There is arguably nothing worse than traveling to a new location and failing to blend in with the people around you, as it makes it incredibly obvious that you are, in fact, a tourist. This could leave you susceptible to scams, being overcharged at restaurants and shops, and even pickpockets and other thieves.

Although there is no surefire method to easily live like the locals do, there are several ways to ensure you do not stick out like a sore thumb. Here are several tips you should follow the next time you travel abroad:

Learn a few common phrases in another language

No matter where you are traveling, it would be wise of you to learn a few common pleasantries in their native language, such as please, thank you, hello, and so on.
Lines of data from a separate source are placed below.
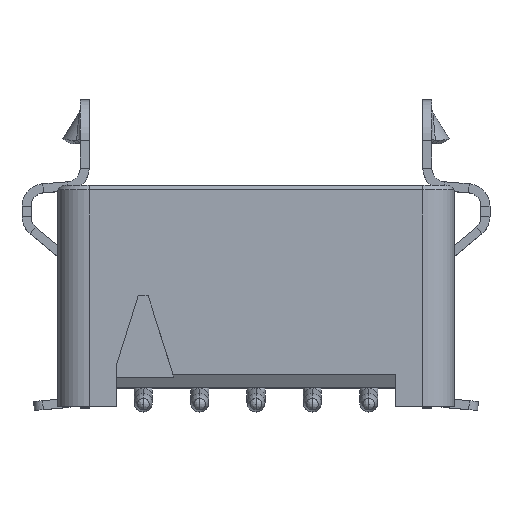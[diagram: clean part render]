
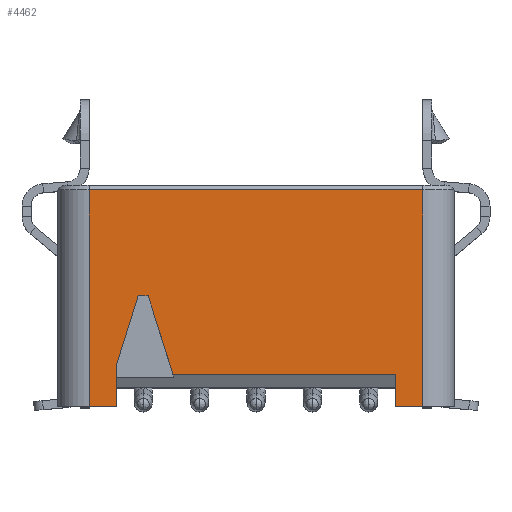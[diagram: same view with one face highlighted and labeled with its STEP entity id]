
A CAD part, top view. The second image highlights one B-rep face of the part: STEP entity #4462.
In plain terms, the highlighted planar face has unit normal (0, 0, 1).
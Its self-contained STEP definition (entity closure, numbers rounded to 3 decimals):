
#914=DIRECTION('',(0.,-1.,0.));
#915=VECTOR('',#914,0.7);
#916=CARTESIAN_POINT('',(3.1,-1.2,2.45));
#917=LINE('',#916,#915);
#1014=DIRECTION('',(-1.,0.,0.));
#1015=VECTOR('',#1014,0.6);
#1016=CARTESIAN_POINT('',(-3.1,-1.9,2.45));
#1017=LINE('',#1016,#1015);
#1042=DIRECTION('',(-1.,0.,0.));
#1043=VECTOR('',#1042,0.6);
#1044=CARTESIAN_POINT('',(3.7,-1.9,2.45));
#1045=LINE('',#1044,#1043);
#1298=DIRECTION('',(0.,1.,0.));
#1299=VECTOR('',#1298,0.897);
#1300=CARTESIAN_POINT('',(-3.1,-1.9,2.45));
#1301=LINE('',#1300,#1299);
#1334=DIRECTION('',(-0.301,0.954,0.));
#1335=VECTOR('',#1334,1.835);
#1336=CARTESIAN_POINT('',(-1.838,-1.2,2.45));
#1337=LINE('',#1336,#1335);
#1341=DIRECTION('',(-1.,0.,0.));
#1342=VECTOR('',#1341,0.221);
#1343=CARTESIAN_POINT('',(-2.39,0.55,2.45));
#1344=LINE('',#1343,#1342);
#1348=DIRECTION('',(-0.301,-0.954,0.));
#1349=VECTOR('',#1348,1.628);
#1350=CARTESIAN_POINT('',(-2.61,0.55,2.45));
#1351=LINE('',#1350,#1349);
#1355=DIRECTION('',(0.,-1.,0.));
#1356=VECTOR('',#1355,4.8);
#1357=CARTESIAN_POINT('',(-3.7,2.9,2.45));
#1358=LINE('',#1357,#1356);
#1362=DIRECTION('',(1.,0.,0.));
#1363=VECTOR('',#1362,7.4);
#1364=CARTESIAN_POINT('',(-3.7,2.9,2.45));
#1365=LINE('',#1364,#1363);
#1369=DIRECTION('',(0.,-1.,0.));
#1370=VECTOR('',#1369,4.8);
#1371=CARTESIAN_POINT('',(3.7,2.9,2.45));
#1372=LINE('',#1371,#1370);
#1376=DIRECTION('',(1.,0.,0.));
#1377=VECTOR('',#1376,4.938);
#1378=CARTESIAN_POINT('',(-1.838,-1.2,2.45));
#1379=LINE('',#1378,#1377);
#3312=CARTESIAN_POINT('',(-3.7,2.9,2.45));
#3313=CARTESIAN_POINT('',(3.7,2.9,2.45));
#3314=VERTEX_POINT('',#3312);
#3315=VERTEX_POINT('',#3313);
#3382=CARTESIAN_POINT('',(-3.7,-1.9,2.45));
#3384=VERTEX_POINT('',#3382);
#3387=CARTESIAN_POINT('',(3.7,-1.9,2.45));
#3389=VERTEX_POINT('',#3387);
#3390=CARTESIAN_POINT('',(-3.1,-1.9,2.45));
#3391=VERTEX_POINT('',#3390);
#3392=CARTESIAN_POINT('',(3.1,-1.9,2.45));
#3393=VERTEX_POINT('',#3392);
#3494=CARTESIAN_POINT('',(-1.838,-1.2,2.45));
#3495=CARTESIAN_POINT('',(-2.39,0.55,2.45));
#3496=VERTEX_POINT('',#3494);
#3497=VERTEX_POINT('',#3495);
#3498=CARTESIAN_POINT('',(-2.61,0.55,2.45));
#3499=CARTESIAN_POINT('',(-3.1,-1.003,2.45));
#3500=VERTEX_POINT('',#3498);
#3501=VERTEX_POINT('',#3499);
#3556=CARTESIAN_POINT('',(3.1,-1.2,2.45));
#3558=VERTEX_POINT('',#3556);
#4437=CARTESIAN_POINT('',(-4.4,0.,2.45));
#4438=DIRECTION('',(0.,0.,1.));
#4439=DIRECTION('',(1.,0.,0.));
#4440=AXIS2_PLACEMENT_3D('',#4437,#4438,#4439);
#4441=PLANE('',#4440);
#4443=ORIENTED_EDGE('',*,*,#4442,.T.);
#4445=ORIENTED_EDGE('',*,*,#4444,.T.);
#4447=ORIENTED_EDGE('',*,*,#4446,.T.);
#4448=ORIENTED_EDGE('',*,*,#4405,.F.);
#4449=ORIENTED_EDGE('',*,*,#4253,.T.);
#4451=ORIENTED_EDGE('',*,*,#4450,.F.);
#4453=ORIENTED_EDGE('',*,*,#4452,.T.);
#4455=ORIENTED_EDGE('',*,*,#4454,.T.);
#4456=ORIENTED_EDGE('',*,*,#4267,.T.);
#4457=ORIENTED_EDGE('',*,*,#4188,.F.);
#4459=ORIENTED_EDGE('',*,*,#4458,.F.);
#4460=EDGE_LOOP('',(#4443,#4445,#4447,#4448,#4449,#4451,#4453,#4455,#4456,#4457,
#4459));
#4461=FACE_OUTER_BOUND('',#4460,.F.);
#4462=ADVANCED_FACE('',(#4461),#4441,.T.);
#4188=EDGE_CURVE('',#3558,#3393,#917,.T.);
#4253=EDGE_CURVE('',#3391,#3384,#1017,.T.);
#4267=EDGE_CURVE('',#3389,#3393,#1045,.T.);
#4405=EDGE_CURVE('',#3391,#3501,#1301,.T.);
#4442=EDGE_CURVE('',#3496,#3497,#1337,.T.);
#4444=EDGE_CURVE('',#3497,#3500,#1344,.T.);
#4446=EDGE_CURVE('',#3500,#3501,#1351,.T.);
#4450=EDGE_CURVE('',#3314,#3384,#1358,.T.);
#4452=EDGE_CURVE('',#3314,#3315,#1365,.T.);
#4454=EDGE_CURVE('',#3315,#3389,#1372,.T.);
#4458=EDGE_CURVE('',#3496,#3558,#1379,.T.);
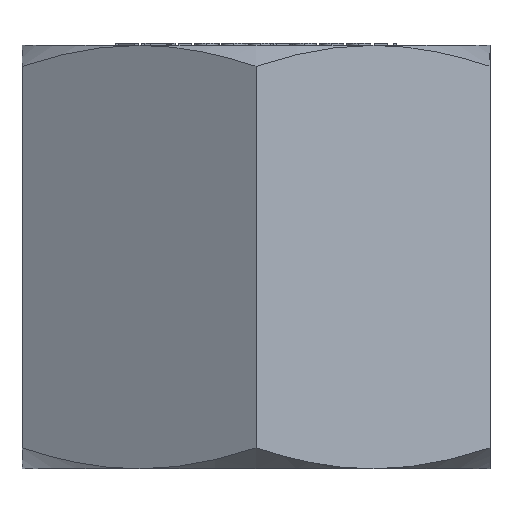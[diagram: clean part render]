
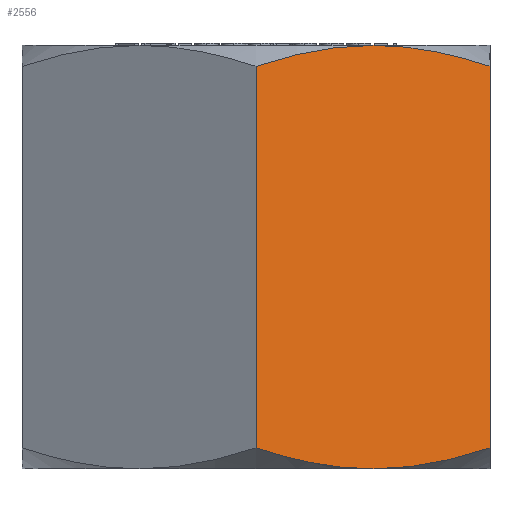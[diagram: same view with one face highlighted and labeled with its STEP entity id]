
A CAD part, front view. The second image highlights one B-rep face of the part: STEP entity #2556.
In plain terms, the highlighted planar face has unit normal (0.5, -0.866, 0).
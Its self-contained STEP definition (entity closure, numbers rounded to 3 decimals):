
#420 = VERTEX_POINT ( 'NONE', #1363 ) ;
#451 = VERTEX_POINT ( 'NONE', #1600 ) ;
#620 = VERTEX_POINT ( 'NONE', #1242 ) ;
#1242 = CARTESIAN_POINT ( 'NONE',  ( 0., -12.124, 18.062 ) ) ;
#1363 = CARTESIAN_POINT ( 'NONE',  ( 0., -12.124, 0.938 ) ) ;
#1600 = CARTESIAN_POINT ( 'NONE',  ( 5.25, -9.093, 0. ) ) ;
#1786 = AXIS2_PLACEMENT_3D ( 'NONE', #9618, #9447, #9457 ) ;
#1952 = FACE_OUTER_BOUND ( 'NONE', #12439, .T. ) ;
#2556 = ADVANCED_FACE ( 'NONE', ( #1952 ), #9538, .T. ) ;
#4456 = LINE ( 'NONE', #9137, #4457 ) ;
#4457 = VECTOR ( 'NONE', #9138, 1000. ) ;
#4460 = LINE ( 'NONE', #9145, #4461 ) ;
#4461 = VECTOR ( 'NONE', #9146, 1000. ) ;
#6302 = CARTESIAN_POINT ( 'NONE',  ( 5.25, -9.093, 0. ) ) ;
#6303 = CARTESIAN_POINT ( 'NONE',  ( 7.687, -7.687, 0. ) ) ;
#6304 = CARTESIAN_POINT ( 'NONE',  ( 10.5, -6.062, 0.938 ) ) ;
#8219 = CARTESIAN_POINT ( 'NONE',  ( 10.5, -6.062, 18.062 ) ) ;
#8221 = CARTESIAN_POINT ( 'NONE',  ( 7.687, -7.687, 19. ) ) ;
#8222 = CARTESIAN_POINT ( 'NONE',  ( 5.25, -9.093, 19. ) ) ;
#8481 = CARTESIAN_POINT ( 'NONE',  ( 0., -12.124, 0.938 ) ) ;
#8482 = CARTESIAN_POINT ( 'NONE',  ( 2.813, -10.5, 0. ) ) ;
#8483 = CARTESIAN_POINT ( 'NONE',  ( 5.25, -9.093, 0. ) ) ;
#8947 = CARTESIAN_POINT ( 'NONE',  ( 5.25, -9.093, 19. ) ) ;
#8948 = CARTESIAN_POINT ( 'NONE',  ( 2.813, -10.5, 19. ) ) ;
#8950 = CARTESIAN_POINT ( 'NONE',  ( 0., -12.124, 18.062 ) ) ;
#9137 = CARTESIAN_POINT ( 'NONE',  ( 10.5, -6.062, 0. ) ) ;
#9138 = DIRECTION ( 'NONE',  ( 0., 0., 1. ) ) ;
#9145 = CARTESIAN_POINT ( 'NONE',  ( 0., -12.124, 0. ) ) ;
#9146 = DIRECTION ( 'NONE',  ( 0., 0., 1. ) ) ;
#9447 = DIRECTION ( 'NONE',  ( 0.5, -0.866, 0. ) ) ;
#9457 = DIRECTION ( 'NONE',  ( 0.866, 0.5, 0. ) ) ;
#9538 = PLANE ( 'NONE',  #1786 ) ;
#9618 = CARTESIAN_POINT ( 'NONE',  ( 0., -12.124, 0. ) ) ;
#9791 = EDGE_CURVE ( 'NONE', #451, #12061, #14220, .T. ) ;
#9853 = EDGE_CURVE ( 'NONE', #12057, #12440, #14193, .T. ) ;
#9881 = EDGE_CURVE ( 'NONE', #420, #451, #14183, .T. ) ;
#9951 = EDGE_CURVE ( 'NONE', #12440, #620, #14168, .T. ) ;
#9982 = EDGE_CURVE ( 'NONE', #12061, #12057, #4456, .T. ) ;
#9985 = EDGE_CURVE ( 'NONE', #420, #620, #4460, .T. ) ;
#10384 = ORIENTED_EDGE ( 'NONE', *, *, #9982, .T. ) ;
#10698 = ORIENTED_EDGE ( 'NONE', *, *, #9791, .T. ) ;
#12057 = VERTEX_POINT ( 'NONE', #14324 ) ;
#12061 = VERTEX_POINT ( 'NONE', #14328 ) ;
#12187 = ORIENTED_EDGE ( 'NONE', *, *, #9853, .T. ) ;
#12188 = ORIENTED_EDGE ( 'NONE', *, *, #9951, .T. ) ;
#12189 = ORIENTED_EDGE ( 'NONE', *, *, #9985, .F. ) ;
#12190 = ORIENTED_EDGE ( 'NONE', *, *, #9881, .T. ) ;
#12439 = EDGE_LOOP ( 'NONE', ( #12187, #12188, #12189, #12190, #10698, #10384 ) ) ;
#12440 = VERTEX_POINT ( 'NONE', #14263 ) ;
#14168 =( BOUNDED_CURVE ( )  B_SPLINE_CURVE ( 2, ( #8947, #8948, #8950 ),
 .UNSPECIFIED., .F., .F. ) 
 B_SPLINE_CURVE_WITH_KNOTS ( ( 3, 3 ),
 ( 1.219, 1.916 ),
 .UNSPECIFIED. ) 
 CURVE ( )  GEOMETRIC_REPRESENTATION_ITEM ( )  RATIONAL_B_SPLINE_CURVE ( ( 1., 1.068, 1.058 ) ) 
 REPRESENTATION_ITEM ( '' )  );
#14183 =( BOUNDED_CURVE ( )  B_SPLINE_CURVE ( 2, ( #8481, #8482, #8483 ),
 .UNSPECIFIED., .F., .F. ) 
 B_SPLINE_CURVE_WITH_KNOTS ( ( 3, 3 ),
 ( 0.522, 1.219 ),
 .UNSPECIFIED. ) 
 CURVE ( )  GEOMETRIC_REPRESENTATION_ITEM ( )  RATIONAL_B_SPLINE_CURVE ( ( 1.058, 1.068, 1. ) ) 
 REPRESENTATION_ITEM ( '' )  );
#14193 =( BOUNDED_CURVE ( )  B_SPLINE_CURVE ( 2, ( #8219, #8221, #8222 ),
 .UNSPECIFIED., .F., .F. ) 
 B_SPLINE_CURVE_WITH_KNOTS ( ( 3, 3 ),
 ( 0.522, 1.219 ),
 .UNSPECIFIED. ) 
 CURVE ( )  GEOMETRIC_REPRESENTATION_ITEM ( )  RATIONAL_B_SPLINE_CURVE ( ( 1.058, 1.068, 1. ) ) 
 REPRESENTATION_ITEM ( '' )  );
#14220 =( BOUNDED_CURVE ( )  B_SPLINE_CURVE ( 2, ( #6302, #6303, #6304 ),
 .UNSPECIFIED., .F., .F. ) 
 B_SPLINE_CURVE_WITH_KNOTS ( ( 3, 3 ),
 ( 1.219, 1.916 ),
 .UNSPECIFIED. ) 
 CURVE ( )  GEOMETRIC_REPRESENTATION_ITEM ( )  RATIONAL_B_SPLINE_CURVE ( ( 1., 1.068, 1.058 ) ) 
 REPRESENTATION_ITEM ( '' )  );
#14263 = CARTESIAN_POINT ( 'NONE',  ( 5.25, -9.093, 19. ) ) ;
#14324 = CARTESIAN_POINT ( 'NONE',  ( 10.5, -6.062, 18.062 ) ) ;
#14328 = CARTESIAN_POINT ( 'NONE',  ( 10.5, -6.062, 0.938 ) ) ;

If you’re not necessarily adept at picking up other languages, try a free translation app like DuoLingo, which can aid you in preparing for your trip and even help you on the fly while you’re abroad.

Make a small purchase at a local shop

Although this tip may seem a bit out of the ordinary, travel expert Pauline Frommer explained that this tactic is one of the best she was ever told — especially for women who are traveling alone or venturing away from the rest of their party.

Carrying around a bag from a locally-owned shop will establish street credentials of sorts, affording travelers the ability to blend in with others around them — no matter how differently they may be dressed.

Dress appropriately

Going off of the previous point, it’s essential that you dress appropriately for your surroundings. Although it would be nearly impossible for you to blend in with everyone in a given country, there are some common steps you can take to look more local than tourist. Avoid brightly colored clothing at all costs, don’t wear open-toed or athletic shoes, and be sure to leave your expensive or flashy jewelry at home.

Avoid tourist traps

While there is nothing wrong with stopping at the usual tourist sights abroad, make it a point not to linger in the adjacent area for too long.

For example, if you’re visiting the Trevi Fountain in Rome, be sure to eat lunch or shop in places that are outside the immediate vicinity. In other words, avoid where tourists eat and shop, as you will lower your risk of being overcharged for coming in with the masses and appearing to be a foreigner.